* **Data provided**
———

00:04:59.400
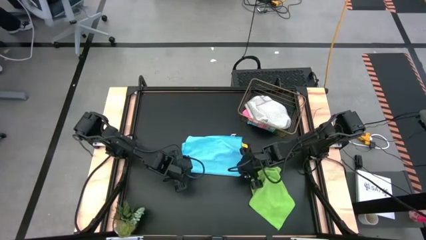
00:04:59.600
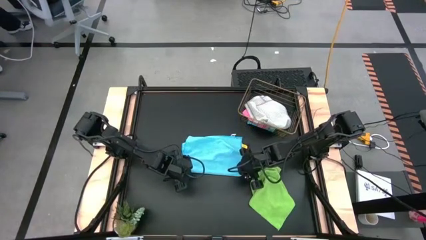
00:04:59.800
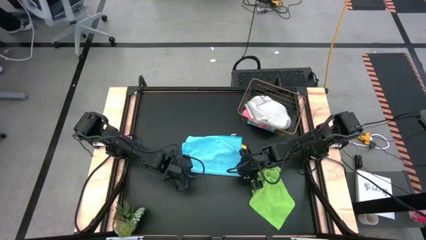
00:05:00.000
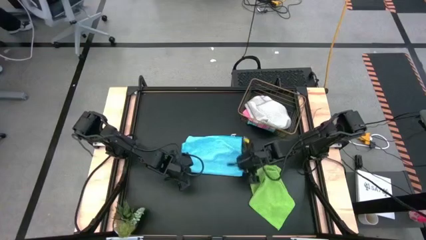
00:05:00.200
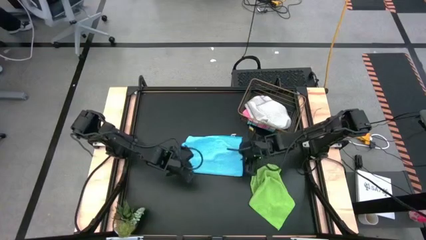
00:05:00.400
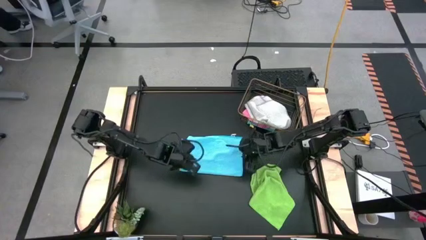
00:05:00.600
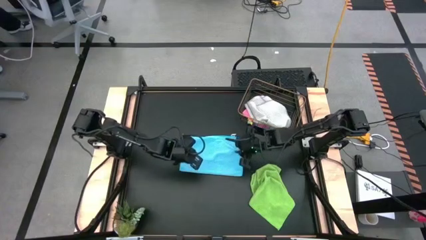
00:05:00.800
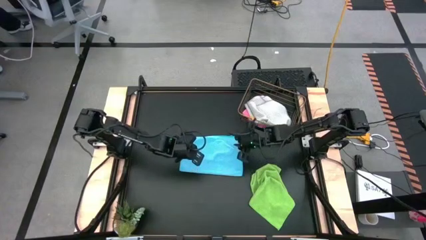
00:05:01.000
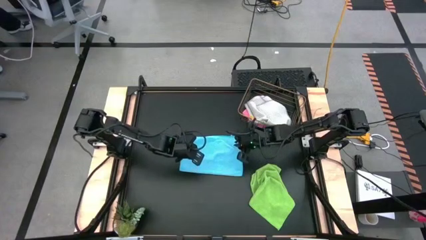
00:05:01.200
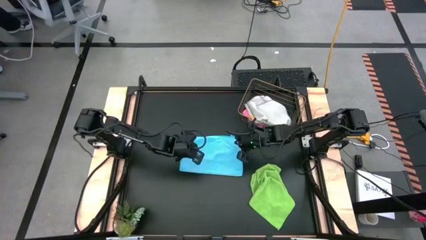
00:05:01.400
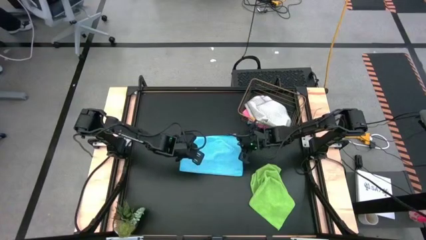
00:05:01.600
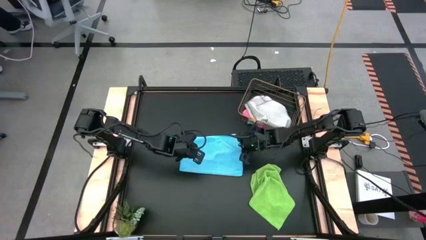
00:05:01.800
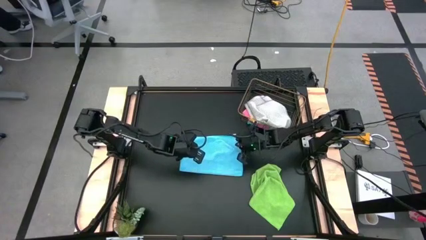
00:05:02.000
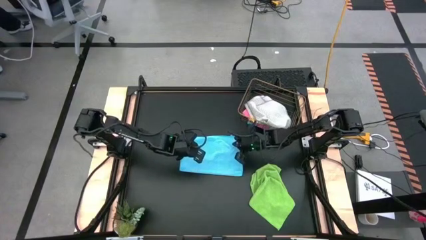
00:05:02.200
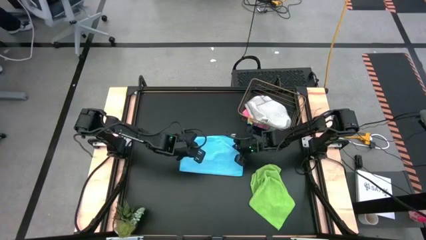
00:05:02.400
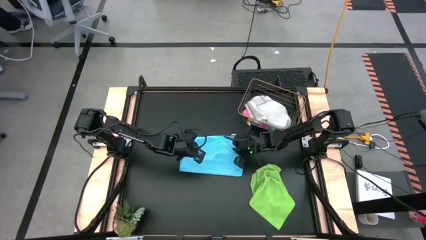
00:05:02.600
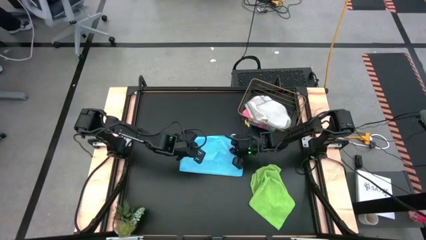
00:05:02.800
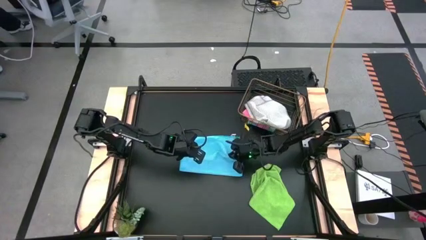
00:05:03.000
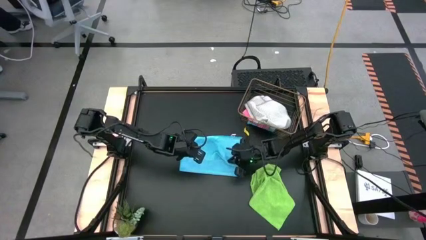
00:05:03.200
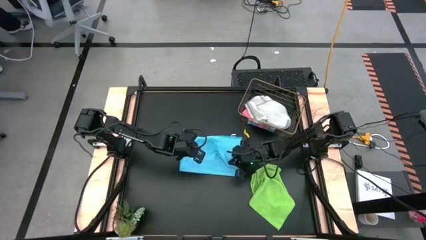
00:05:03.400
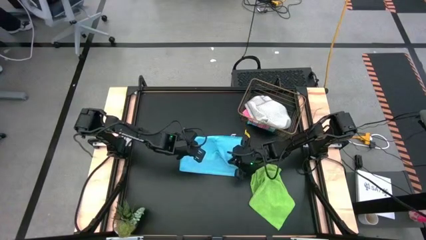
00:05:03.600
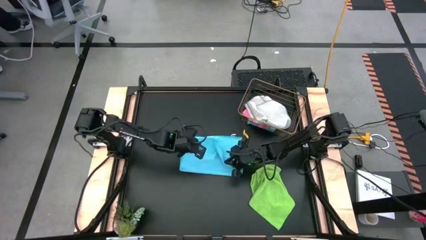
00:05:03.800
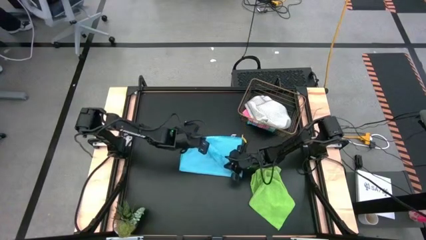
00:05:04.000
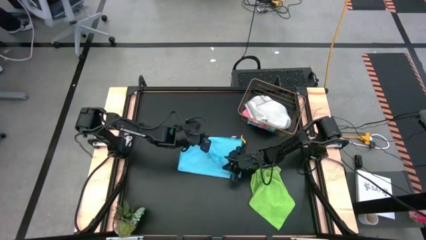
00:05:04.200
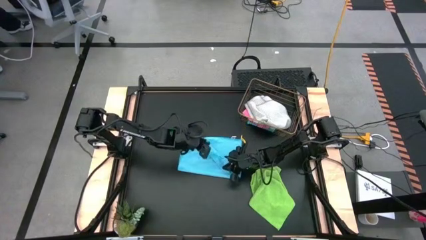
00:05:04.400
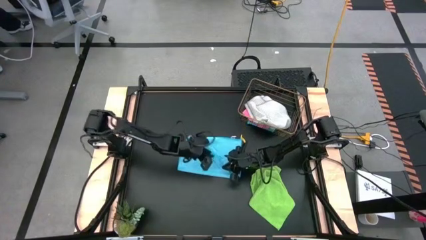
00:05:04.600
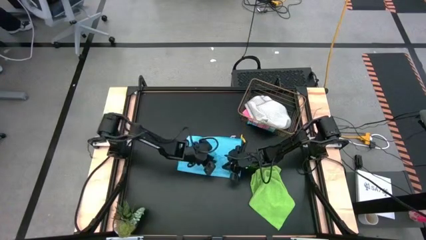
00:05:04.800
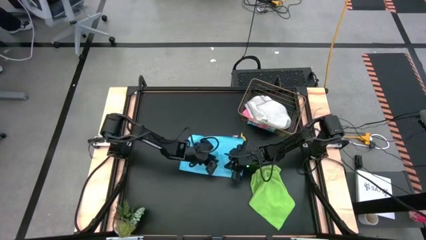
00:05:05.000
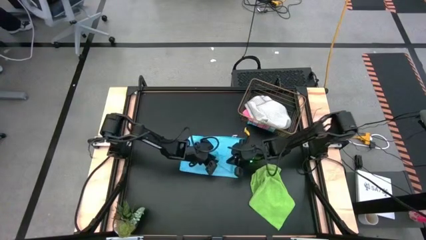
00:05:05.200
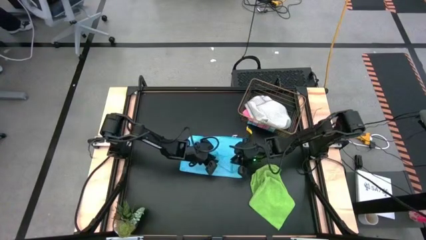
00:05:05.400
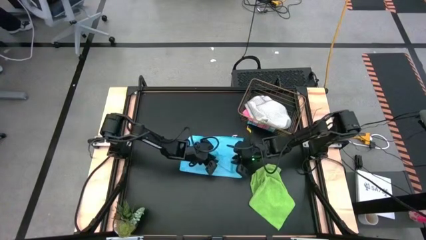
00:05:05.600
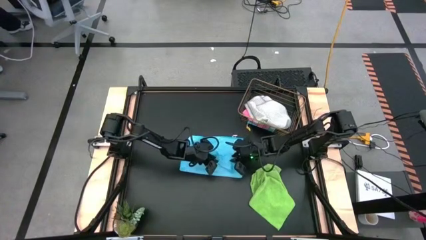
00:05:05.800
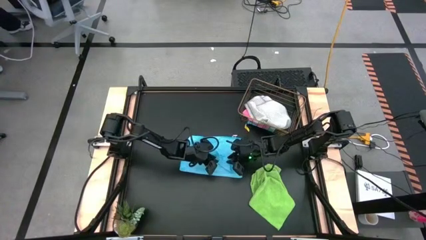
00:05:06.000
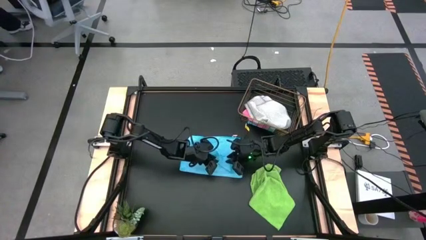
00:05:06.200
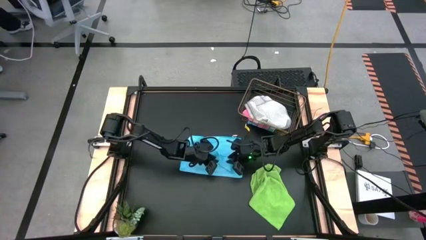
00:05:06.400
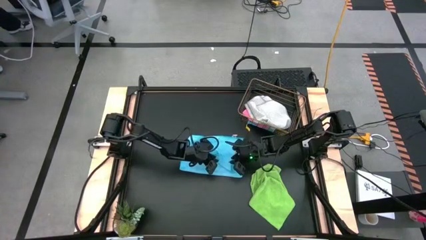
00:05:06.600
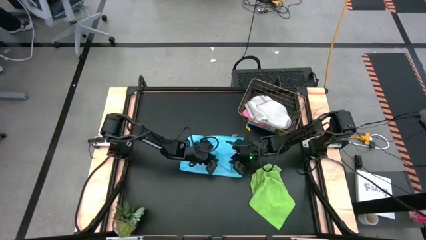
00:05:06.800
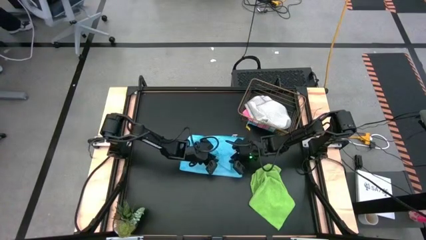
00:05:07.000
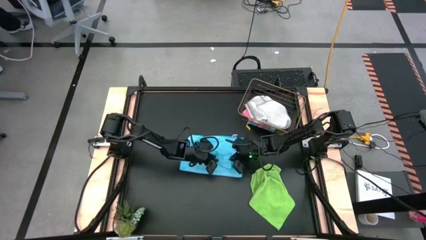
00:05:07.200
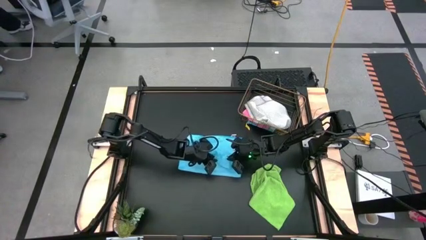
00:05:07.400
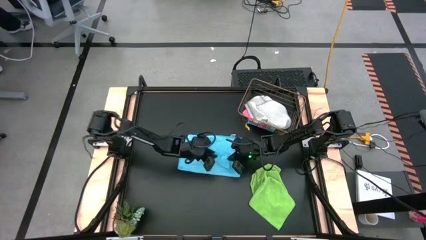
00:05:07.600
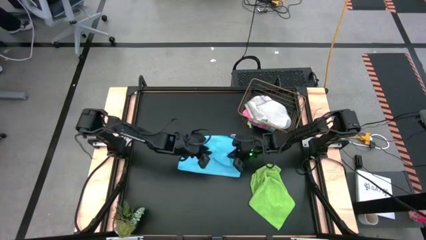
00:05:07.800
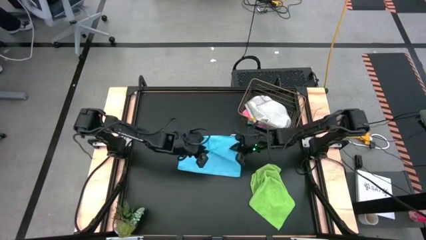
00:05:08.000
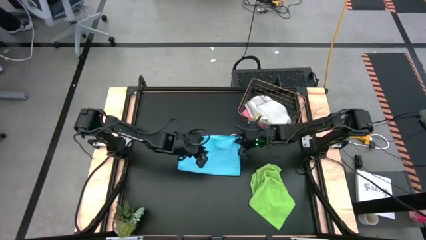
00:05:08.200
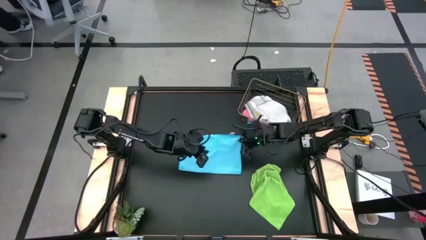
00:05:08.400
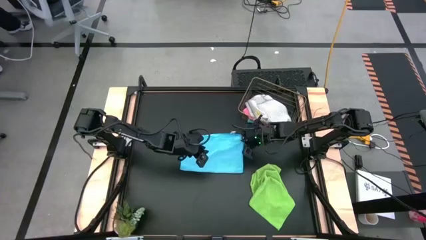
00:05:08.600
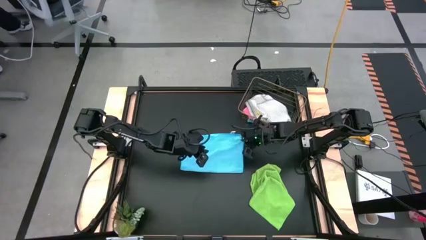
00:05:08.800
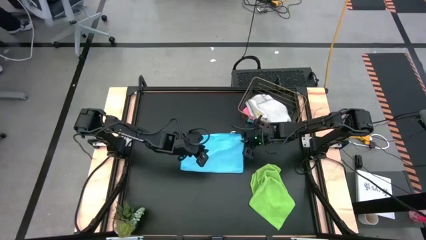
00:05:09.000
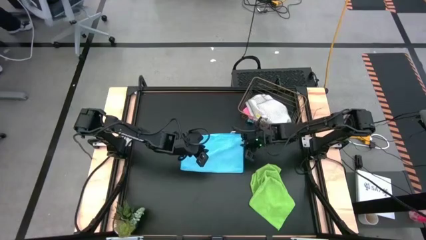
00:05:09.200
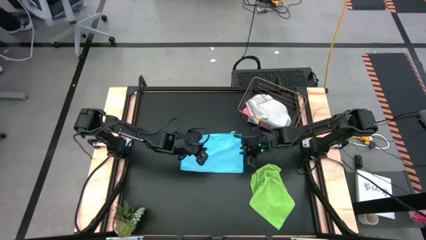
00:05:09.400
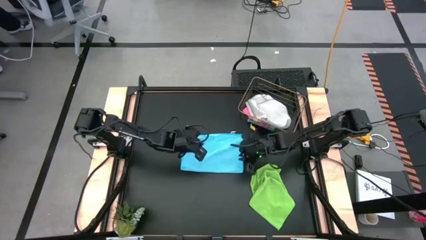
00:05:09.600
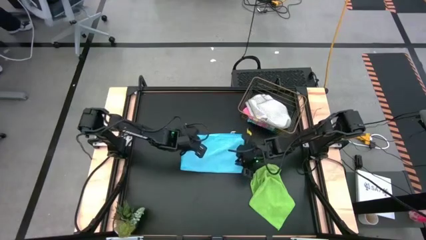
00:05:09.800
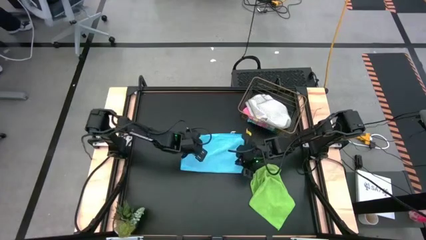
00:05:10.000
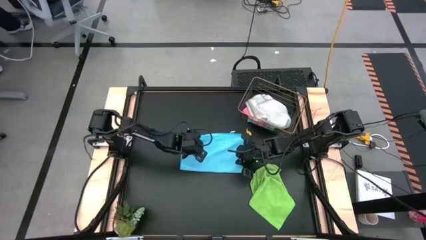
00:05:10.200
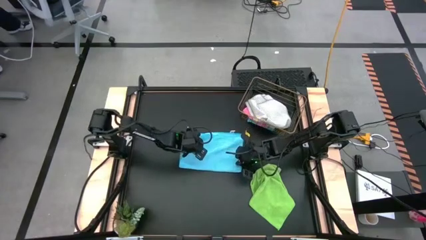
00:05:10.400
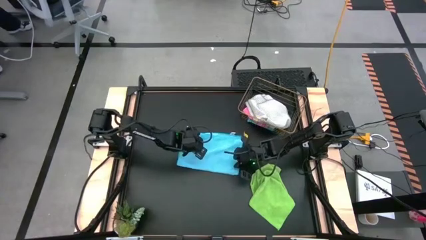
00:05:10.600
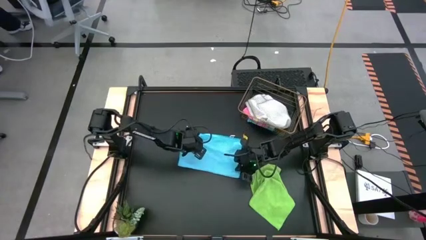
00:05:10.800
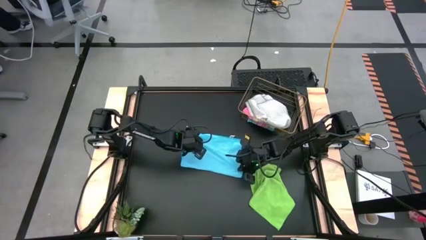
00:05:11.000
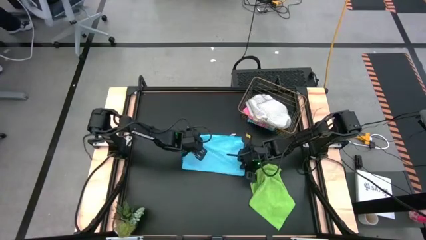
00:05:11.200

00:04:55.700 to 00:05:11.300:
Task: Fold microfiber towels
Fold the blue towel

———

* **Exercise aim**
Leave out every picture and copy the rest of the records exactly.

* **Completed task**
00:04:59.400
00:04:59.600
00:04:59.800
00:05:00.000
00:05:00.200
00:05:00.400
00:05:00.600
00:05:00.800
00:05:01.000
00:05:01.200
00:05:01.400
00:05:01.600
00:05:01.800
00:05:02.000
00:05:02.200
00:05:02.400
00:05:02.600
00:05:02.800
00:05:03.000
00:05:03.200
00:05:03.400
00:05:03.600
00:05:03.800
00:05:04.000
00:05:04.200
00:05:04.400
00:05:04.600
00:05:04.800
00:05:05.000
00:05:05.200
00:05:05.400
00:05:05.600
00:05:05.800
00:05:06.000
00:05:06.200
00:05:06.400
00:05:06.600
00:05:06.800
00:05:07.000
00:05:07.200
00:05:07.400
00:05:07.600
00:05:07.800
00:05:08.000
00:05:08.200
00:05:08.400
00:05:08.600
00:05:08.800
00:05:09.000
00:05:09.200
00:05:09.400
00:05:09.600
00:05:09.800
00:05:10.000
00:05:10.200
00:05:10.400
00:05:10.600
00:05:10.800
00:05:11.000
00:05:11.200

00:04:55.700 to 00:05:11.300:
Task: Fold microfiber towels
Fold the blue towel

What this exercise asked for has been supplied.